(ASSIGNMENT)
When you reach the line containing "ཡོད་དུ། དྲུག་སྡེས། འདོད་ཞེན་ནོ།" in the entries below, please begin setting down lines exactly, stop only after the last one, and add nothing else.

Records contained in a dataset:
----------------------------------------

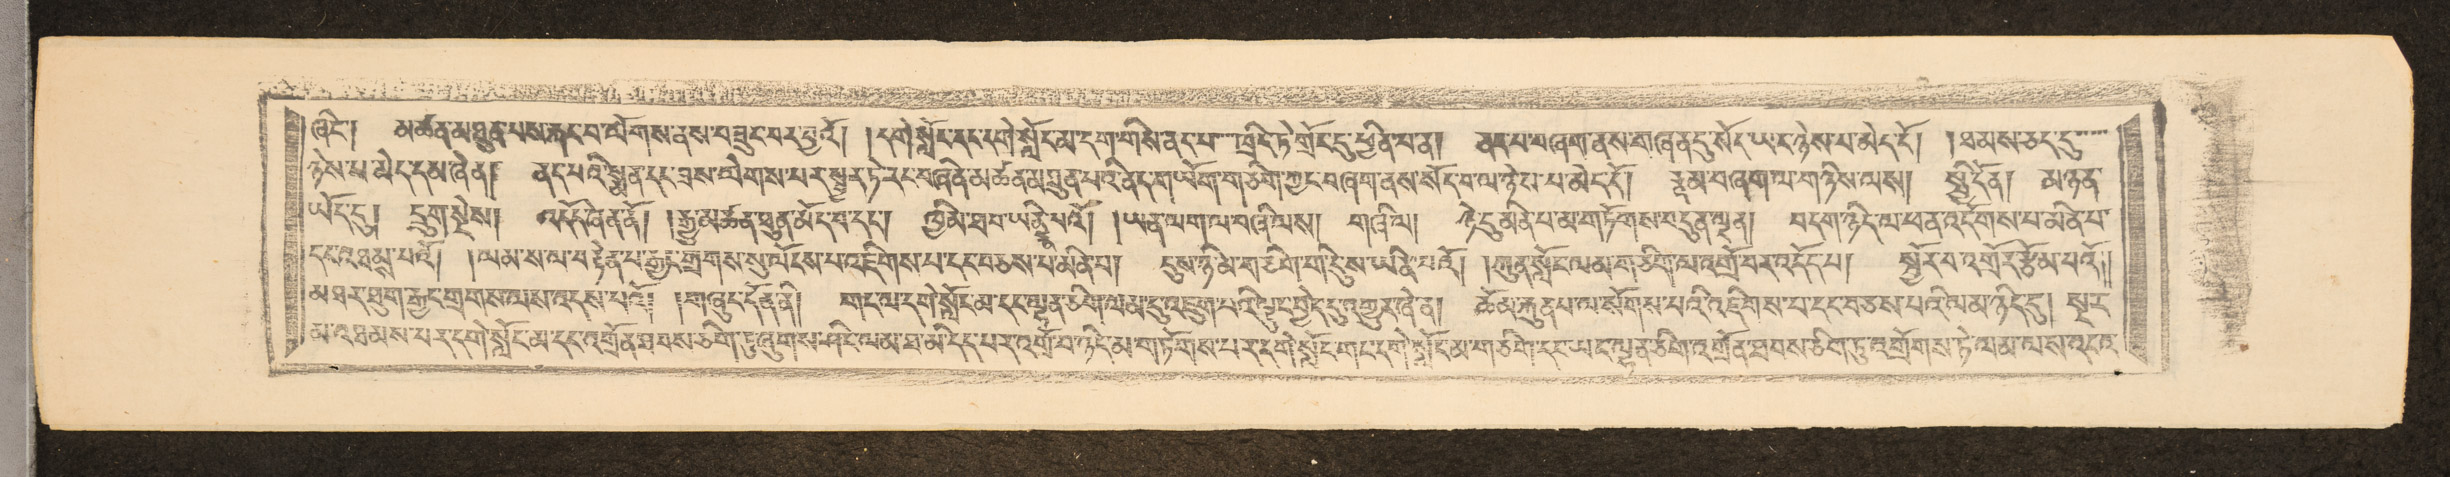ཞིང་། མཚན་མཐུན་པས་རྐང་པ་ལོགས་ནས་བཟུང་བར་བྱའོ། །དགེ་སློང་དང་དགེ་སློང་མ་དག་གིས་ནད་པ་ཁྲིད་ཏེ་གྲོང་དུ་ཕྱིན་པ་ན། ནད་པ་བཞག་ནས་གཞན་དུ་སོང་ཡང་ཉེས་པ་མེད་དོ། །ཐམས་ཅད་དུ་
ཉེས་པ་མེད་དམ་ཞེ་ན། ནད་པའི་སྨན་དང་ཟས་ལེགས་པར་སྦྱར་ཏེ་རང་བཞིན་མཚན་མཐུན་པའི་ནད་གཡོག་གཅིག་ཀྱང་བཞག་ནས་སོད་པ་ལ་ཉེས་པ་མེད་དོ། །རྣམ་བཞག་ལ་གཉིས་ལས། སྤྱི་དོན། མཉན་
ཡོད་དུ། དྲུག་སྡེས། འདོད་ཞེན་ནོ། །རྒྱུ་མཚན་ཐུན་མོང་བ་དང་། ཁྱིམ་ཐབ་ཡིན་པའོ། །ཡན་ལག་ལ་བཞི་ལས། གཞི་ལ། ཉེ་དུ་མིན་པ་མ་གཏོགས་བདུན་ལྡན། བདག་ཉིད་ལ་ཕན་འདོགས་པ་མིན་པ་
དང་འཐས་པའོ། །ལམ་ས་ལ་བརྟེན་པ་རྒྱང་གྲགས་སུ་ལོངས་མ་འཇིགས་པ་དང་བཅས་པ་ཡིན་བ། དུས་ཉི་ས་གཅིག་གི་དུས་ཡིན་པའོ། །ཀུན་སློང་ལམ་གཅིག་ལ་འགྲོ་བར་འདོད་པ། སྦྱོར་བ་འགྲོར་རྩོམ་པའོ།།
མཐར་ཐུག་རྒྱང་གྲགས་ལས་འདས་པའོ། །གཞུང་དོན་ནི། གང་ལ་དགེ་སློང་མ་དང་ལྷན་ཅིག་ལམ་དུ་འཇུག་པའི་ལྟུང་བྱེད་དུ་འགྱུར་ཞེ་ན། ཆོམ་རྐུན་པ་ལ་སོགས་པའི་འཇིགས་པ་དང་བཅས་པའི་ལམ་ཉིད་དུ། སྔར་
མ་འཐམས་པར་དགེ་སློང་མ་དང་འགྲོན་ཐབས་ཅིག་ཏུ་ཞུགས་ཤིང་ལམ་ཐ་མི་དད་པར་འགྲོ་བ་ཉིད་མ་གཏོགས་པར་དགེ་སློང་གང་དགེ་སློང་མ་གཅིག་དང་ཡང་ལྷན་ཅིག་འགྲོན་ཐབས་ཅིག་ཏུ་འགྲོགས་ཏེ་ལམ་ལས་འདའ་

----------------------------------------

(REPLY TO THE EXERCISE)
ཡོད་དུ། དྲུག་སྡེས། འདོད་ཞེན་ནོ། །རྒྱུ་མཚན་ཐུན་མོང་བ་དང་། ཁྱིམ་ཐབ་ཡིན་པའོ། །ཡན་ལག་ལ་བཞི་ལས། གཞི་ལ། ཉེ་དུ་མིན་པ་མ་གཏོགས་བདུན་ལྡན། བདག་ཉིད་ལ་ཕན་འདོགས་པ་མིན་པ་
དང་འཐས་པའོ། །ལམ་ས་ལ་བརྟེན་པ་རྒྱང་གྲགས་སུ་ལོངས་མ་འཇིགས་པ་དང་བཅས་པ་ཡིན་བ། དུས་ཉི་ས་གཅིག་གི་དུས་ཡིན་པའོ། །ཀུན་སློང་ལམ་གཅིག་ལ་འགྲོ་བར་འདོད་པ། སྦྱོར་བ་འགྲོར་རྩོམ་པའོ།།
མཐར་ཐུག་རྒྱང་གྲགས་ལས་འདས་པའོ། །གཞུང་དོན་ནི། གང་ལ་དགེ་སློང་མ་དང་ལྷན་ཅིག་ལམ་དུ་འཇུག་པའི་ལྟུང་བྱེད་དུ་འགྱུར་ཞེ་ན། ཆོམ་རྐུན་པ་ལ་སོགས་པའི་འཇིགས་པ་དང་བཅས་པའི་ལམ་ཉིད་དུ། སྔར་
མ་འཐམས་པར་དགེ་སློང་མ་དང་འགྲོན་ཐབས་ཅིག་ཏུ་ཞུགས་ཤིང་ལམ་ཐ་མི་དད་པར་འགྲོ་བ་ཉིད་མ་གཏོགས་པར་དགེ་སློང་གང་དགེ་སློང་མ་གཅིག་དང་ཡང་ལྷན་ཅིག་འགྲོན་ཐབས་ཅིག་ཏུ་འགྲོགས་ཏེ་ལམ་ལས་འདའ་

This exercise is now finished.